= Giuseppe Pasquale Ricci =

Italian merchant

Giuseppe Pasquale Ricci (died 1791) was a leading figure in late-18th-century Trieste, at the time a free port within the Habsburg Empire.

Ricci came from a merchant family from Livorno, and probably came to Trieste initially as a merchant, in the early 1750s. He married Marianna Grossel, daughter of a merchant from Ljubljana, in 1754. He quickly developed a network of contacts and forsook business for a career as a government official.

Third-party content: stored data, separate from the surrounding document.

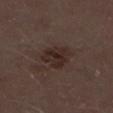Case summary:
– biopsy status — imaged on a skin check; not biopsied
– size — about 3.5 mm
– imaging modality — 15 mm crop, total-body photography
– TBP lesion metrics — a classifier nevus-likeness of about 15/100 and a lesion-detection confidence of about 100/100
– subject — male, about 70 years old
– illumination — white-light illumination
– body site — the left lower leg

By 1761, Ricci was Commerce Councilor of the Intendancy (Trieste's de facto government), in which capacity he recommended in a report to Vienna that Greeks and Jews should be invited to the city to develop its commerce, on the strength of those groups' reputations as merchants. In 1763 he proposed a commission to study manufacturing and factories on the Habsburg littoral; he was appointed head of the commission, serving from 1763 to 1776. He held a number of other posts in the Trieste administration as well, among them: government delegate to the non-Uniate Greek community, president of the tribunal of the mercantile exchange, president of the police commission, provisional health magistrate, and interim governor.

He was ennobled in 1776, and made patrician by the Trieste city council in 1779. He died in Trieste in 1791.